===== MATERIAL PROVIDED

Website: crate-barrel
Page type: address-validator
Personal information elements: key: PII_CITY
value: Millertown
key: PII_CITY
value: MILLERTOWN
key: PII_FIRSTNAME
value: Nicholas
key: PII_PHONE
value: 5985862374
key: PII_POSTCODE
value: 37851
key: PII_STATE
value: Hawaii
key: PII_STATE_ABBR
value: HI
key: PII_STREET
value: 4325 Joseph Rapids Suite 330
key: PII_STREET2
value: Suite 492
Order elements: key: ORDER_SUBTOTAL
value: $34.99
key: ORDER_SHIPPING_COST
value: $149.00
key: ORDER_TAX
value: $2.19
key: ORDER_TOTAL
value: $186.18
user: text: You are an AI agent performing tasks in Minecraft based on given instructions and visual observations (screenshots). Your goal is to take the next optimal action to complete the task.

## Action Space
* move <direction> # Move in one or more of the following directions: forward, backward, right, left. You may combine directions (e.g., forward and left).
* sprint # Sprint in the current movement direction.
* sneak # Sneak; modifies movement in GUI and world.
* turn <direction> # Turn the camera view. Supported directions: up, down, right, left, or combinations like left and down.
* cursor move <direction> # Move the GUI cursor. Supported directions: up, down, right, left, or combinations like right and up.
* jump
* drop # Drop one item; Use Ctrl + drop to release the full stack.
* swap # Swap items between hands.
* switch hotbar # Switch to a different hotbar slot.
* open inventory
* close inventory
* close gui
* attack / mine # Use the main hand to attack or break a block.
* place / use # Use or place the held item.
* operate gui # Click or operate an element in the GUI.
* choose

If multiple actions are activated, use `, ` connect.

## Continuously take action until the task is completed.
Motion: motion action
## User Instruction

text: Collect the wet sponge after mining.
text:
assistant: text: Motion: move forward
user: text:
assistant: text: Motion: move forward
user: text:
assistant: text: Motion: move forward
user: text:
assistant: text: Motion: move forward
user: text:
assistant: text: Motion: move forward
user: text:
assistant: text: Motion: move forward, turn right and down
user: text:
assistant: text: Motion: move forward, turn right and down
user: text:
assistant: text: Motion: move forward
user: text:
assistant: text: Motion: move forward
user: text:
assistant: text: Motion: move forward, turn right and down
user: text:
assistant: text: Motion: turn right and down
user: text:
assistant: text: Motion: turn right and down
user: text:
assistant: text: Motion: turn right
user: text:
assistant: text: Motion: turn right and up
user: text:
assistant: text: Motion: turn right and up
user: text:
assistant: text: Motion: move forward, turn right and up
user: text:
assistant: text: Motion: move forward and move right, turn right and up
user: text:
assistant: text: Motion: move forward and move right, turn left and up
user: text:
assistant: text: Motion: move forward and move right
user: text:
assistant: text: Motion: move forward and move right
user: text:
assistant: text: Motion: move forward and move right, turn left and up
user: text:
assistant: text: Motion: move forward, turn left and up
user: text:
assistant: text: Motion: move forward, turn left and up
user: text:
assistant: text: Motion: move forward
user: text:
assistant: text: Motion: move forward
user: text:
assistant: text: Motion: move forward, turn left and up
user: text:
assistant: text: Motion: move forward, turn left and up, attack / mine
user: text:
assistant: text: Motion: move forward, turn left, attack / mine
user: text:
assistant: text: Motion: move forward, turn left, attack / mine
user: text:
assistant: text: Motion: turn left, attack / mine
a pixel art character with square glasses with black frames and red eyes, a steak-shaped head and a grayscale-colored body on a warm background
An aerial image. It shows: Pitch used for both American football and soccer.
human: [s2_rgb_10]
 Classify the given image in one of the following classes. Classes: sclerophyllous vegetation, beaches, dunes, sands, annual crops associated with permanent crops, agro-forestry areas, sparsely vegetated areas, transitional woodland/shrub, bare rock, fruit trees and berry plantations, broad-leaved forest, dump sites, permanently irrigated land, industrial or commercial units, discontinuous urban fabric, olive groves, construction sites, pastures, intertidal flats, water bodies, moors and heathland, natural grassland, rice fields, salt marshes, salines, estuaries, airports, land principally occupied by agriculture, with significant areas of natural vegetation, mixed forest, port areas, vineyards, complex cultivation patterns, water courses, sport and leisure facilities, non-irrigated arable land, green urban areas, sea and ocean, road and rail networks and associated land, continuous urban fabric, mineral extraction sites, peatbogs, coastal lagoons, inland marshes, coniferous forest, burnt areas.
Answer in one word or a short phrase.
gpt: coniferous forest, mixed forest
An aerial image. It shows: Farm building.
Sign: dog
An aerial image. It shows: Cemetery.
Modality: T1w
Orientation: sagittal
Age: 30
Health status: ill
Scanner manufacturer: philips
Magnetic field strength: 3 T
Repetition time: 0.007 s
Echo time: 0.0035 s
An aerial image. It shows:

==========

■ **WORK ITEM**
Gather up every line in the data above that contains the word "like", copying each one.

■ **FINISHED TASK**
* turn <direction> # Turn the camera view. Supported directions: up, down, right, left, or combinations like left and down.
* cursor move <direction> # Move the GUI cursor. Supported directions: up, down, right, left, or combinations like right and up.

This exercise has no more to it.